Ein paar ortskundige Enthusiasten zeigen Touristen die indische Hauptstadt vom Sattel aus

Karl-Heinz Krinn rollt mit dem Fahrrad durch eine der engen Gassen in Delhis historischer Altstadt. Er muss es schaffen, gleichzeitig zu staunen und im Sattel zu bleiben. Überall sind Schlaglöcher, Fußgänger und hupende Motorräder. Dann hält der 50-Jährige an und wirft einen ungläubigen Blick in einen der Läden. Gibt es das? Kopfschüttelnd tritt er wieder in die Pedale.

Krinn ist Metzger. In seiner schwäbischen Heimat ist es undenkbar, dass sich einer mit dem Hackbeil ins unverglaste Fenster setzt und seiner Arbeit auf einem Holzpflock nachgeht. Auf dem Fleischmarkt in Old Delhi ist es normal. "Wir versuchen nicht, Dinge schöner zu machen, als sie sind, sie zu verstecken oder Orte zu meiden", wirbt Delhi by Cycle im Internet. Das von einem Niederländer gegründete Unternehmen organisiert seit 2008 Radtouren durch die indische Hauptstadt.

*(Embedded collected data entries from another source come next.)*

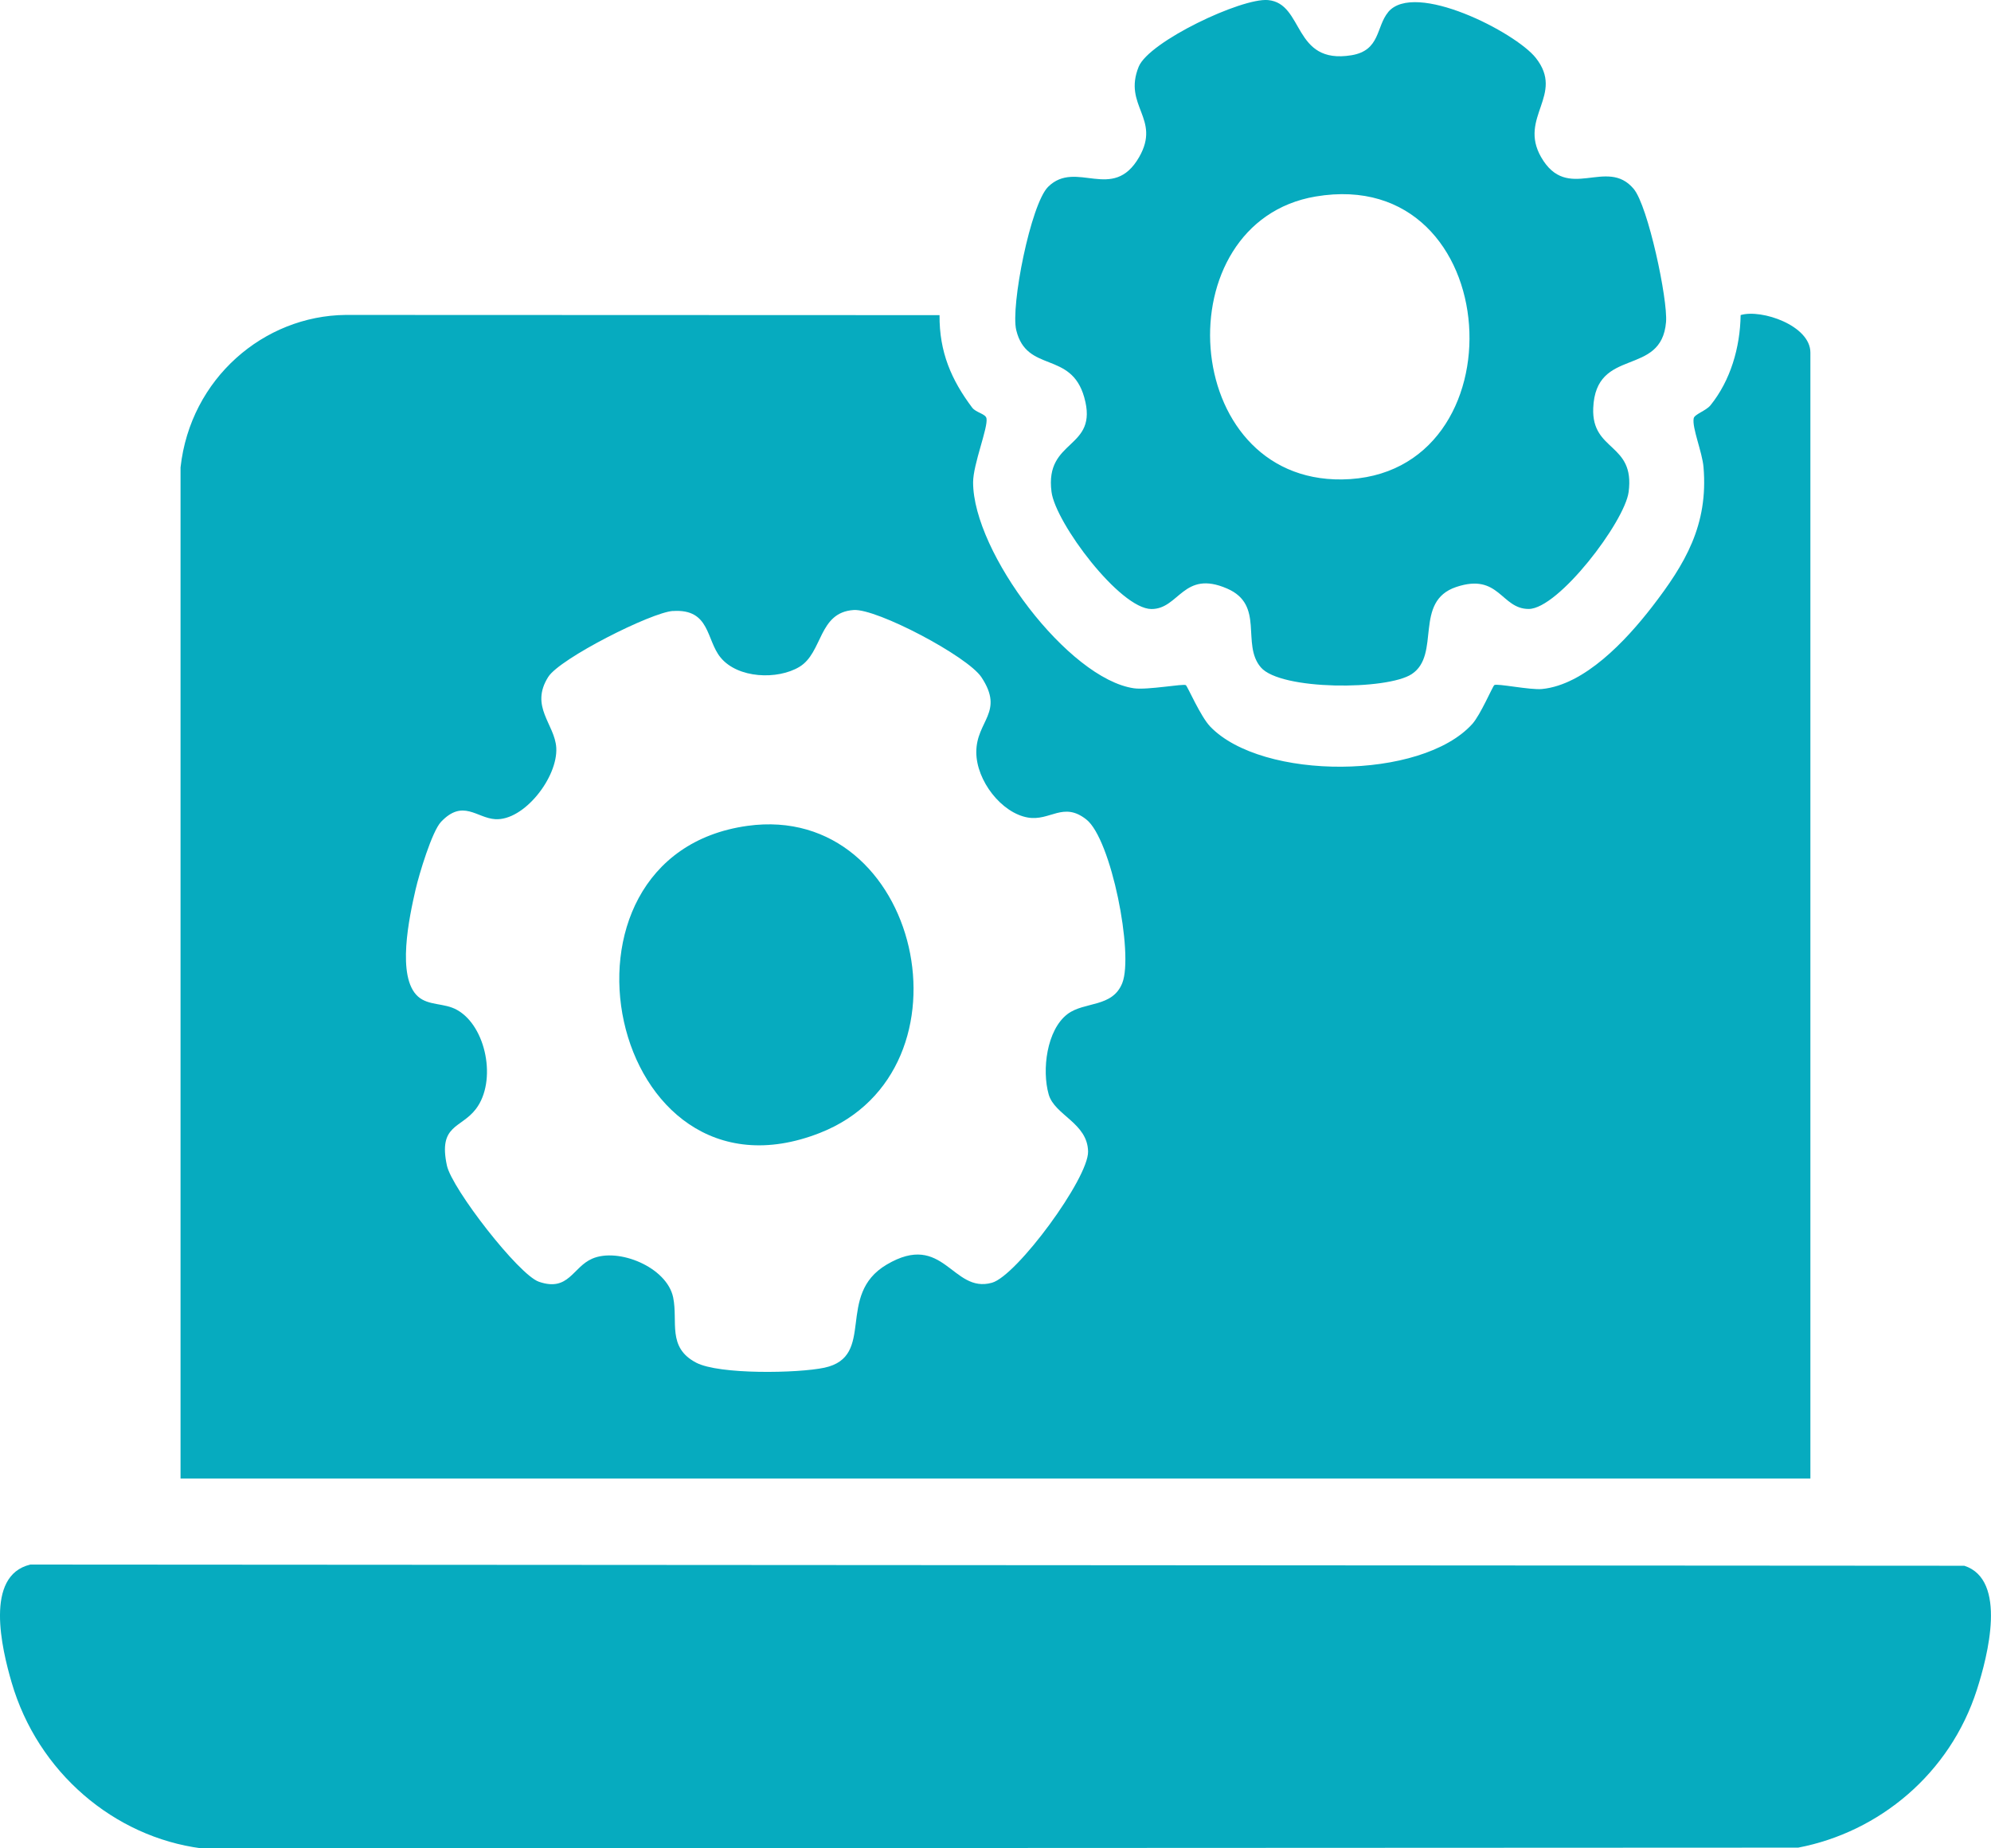 <svg width="28" height="26" viewBox="0 0 28 26" fill="none" xmlns="http://www.w3.org/2000/svg">
<g clip-path="url(#clip0_686_1955)">
<path d="M2.539 6.575C2.677 5.324 3.71 4.442 4.861 4.43L13.213 4.433C13.209 4.953 13.38 5.345 13.672 5.734C13.726 5.805 13.86 5.82 13.873 5.884C13.899 6.012 13.685 6.529 13.685 6.785C13.685 7.771 15.029 9.551 15.948 9.682C16.137 9.709 16.647 9.614 16.677 9.638C16.703 9.659 16.882 10.076 17.019 10.22C17.75 10.982 19.989 10.977 20.705 10.184C20.822 10.054 20.99 9.656 21.015 9.637C21.05 9.61 21.521 9.709 21.687 9.692C22.284 9.633 22.863 9.015 23.232 8.538C23.698 7.934 24.026 7.386 23.957 6.571C23.94 6.361 23.793 6.015 23.819 5.884C23.83 5.827 23.99 5.78 24.055 5.701C24.336 5.353 24.472 4.89 24.479 4.432C24.773 4.344 25.46 4.58 25.46 4.959V20.798H2.539V6.575ZM9.465 8.594C9.161 8.613 7.873 9.263 7.71 9.522C7.446 9.94 7.803 10.185 7.823 10.518C7.847 10.936 7.367 11.549 6.964 11.523C6.703 11.507 6.511 11.236 6.203 11.56C6.075 11.694 5.893 12.302 5.845 12.51C5.757 12.895 5.571 13.746 5.88 14.019C6.029 14.15 6.248 14.105 6.427 14.206C6.839 14.435 6.99 15.207 6.694 15.598C6.483 15.877 6.161 15.817 6.285 16.395C6.356 16.722 7.295 17.933 7.579 18.03C7.998 18.175 8.053 17.824 8.329 17.705C8.696 17.546 9.379 17.824 9.467 18.251C9.537 18.592 9.379 18.953 9.79 19.168C10.112 19.338 11.224 19.318 11.594 19.239C12.328 19.081 11.744 18.218 12.469 17.789C13.273 17.313 13.391 18.201 13.95 18.044C14.3 17.946 15.309 16.574 15.302 16.198C15.294 15.795 14.832 15.689 14.748 15.395C14.65 15.051 14.72 14.488 15.012 14.265C15.249 14.085 15.645 14.177 15.783 13.828C15.945 13.42 15.628 11.802 15.277 11.527C14.951 11.27 14.769 11.554 14.455 11.5C14.084 11.436 13.73 10.981 13.73 10.58C13.73 10.137 14.13 10.021 13.802 9.526C13.605 9.23 12.33 8.559 12.006 8.581C11.507 8.613 11.574 9.18 11.243 9.38C10.937 9.565 10.376 9.546 10.133 9.248C9.929 8.999 9.988 8.561 9.464 8.595L9.465 8.594Z" fill="#06ABBF"/>
<path d="M0.424 22.008L27.625 22.025C28.233 22.223 27.953 23.297 27.802 23.768C27.423 24.952 26.426 25.772 25.289 25.99L2.831 26C1.608 25.84 0.532 24.934 0.163 23.665C0.025 23.191 -0.221 22.164 0.424 22.009V22.008Z" fill="#06ABBF"/>
<path d="M19.522 0.17C19.892 -0.275 21.313 0.454 21.598 0.814C22.01 1.335 21.351 1.648 21.673 2.21C22.044 2.857 22.595 2.202 22.975 2.657C23.177 2.898 23.456 4.212 23.43 4.53C23.365 5.313 22.44 4.868 22.406 5.742C22.382 6.357 22.995 6.227 22.904 6.92C22.848 7.341 21.916 8.566 21.498 8.566C21.108 8.566 21.085 8.054 20.479 8.257C19.874 8.46 20.268 9.208 19.854 9.482C19.512 9.709 18.008 9.714 17.73 9.386C17.452 9.057 17.791 8.51 17.257 8.279C16.64 8.011 16.584 8.568 16.193 8.567C15.75 8.565 14.846 7.357 14.788 6.921C14.687 6.162 15.457 6.329 15.248 5.589C15.062 4.929 14.44 5.252 14.292 4.645C14.21 4.309 14.496 2.87 14.74 2.628C15.134 2.238 15.65 2.853 16.02 2.21C16.332 1.665 15.789 1.492 16.014 0.938C16.159 0.584 17.459 -0.032 17.832 0.001C18.345 0.047 18.175 0.914 19.007 0.777C19.414 0.709 19.351 0.376 19.523 0.17H19.522ZM18.503 2.764C16.364 3.125 16.577 6.774 18.873 6.744C21.435 6.71 21.198 2.31 18.503 2.764Z" fill="#06ABBF"/>
<path d="M10.512 11.617C12.944 11.28 13.788 15.052 11.529 15.937C8.551 17.104 7.501 12.035 10.512 11.617Z" fill="#06ABBF"/>
</g>
<defs>
<clipPath id="clip0_686_1955">
<rect width="28" height="26" fill="white"/>
</clipPath>
</defs>
</svg>

An diesem Morgen ist Krinn einer von acht Teilnehmern. Voran fährt Bert de Jong. Der 40-jährige Fremdenführer ist wie sein Chef Niederländer. Er kennt das indische Verkehrschaos. Vor dem Gewürzmarkt am Chandni Chowk, der Schlagader Old Delhis, stauen sich Lastwagen und meterhoch beladene Ochsenkarren. Vom Dach sieht die Gruppe die imposanten Kuppeln und Minarette der Jama Masjid (Freitagsmoschee). Mit dem Finger beschreibt Fremdenführer de Jong die weitere Route: zuerst durch die Gasse, dann raus aus dem Gewirr ins vornehme Viertel Civil Lines. Vier Touren bietet Delhi by Cycle an. Alle sind leicht zu fahren, denn Delhi ist flach und das Tempo gemächlich. Zudem wird überall am Straßenrand Chai verkauft. Die nordindische Spezialität - ein süßer, mit viel Milch gekochter Tee - ist eine willkommene Stärkung für die Radler.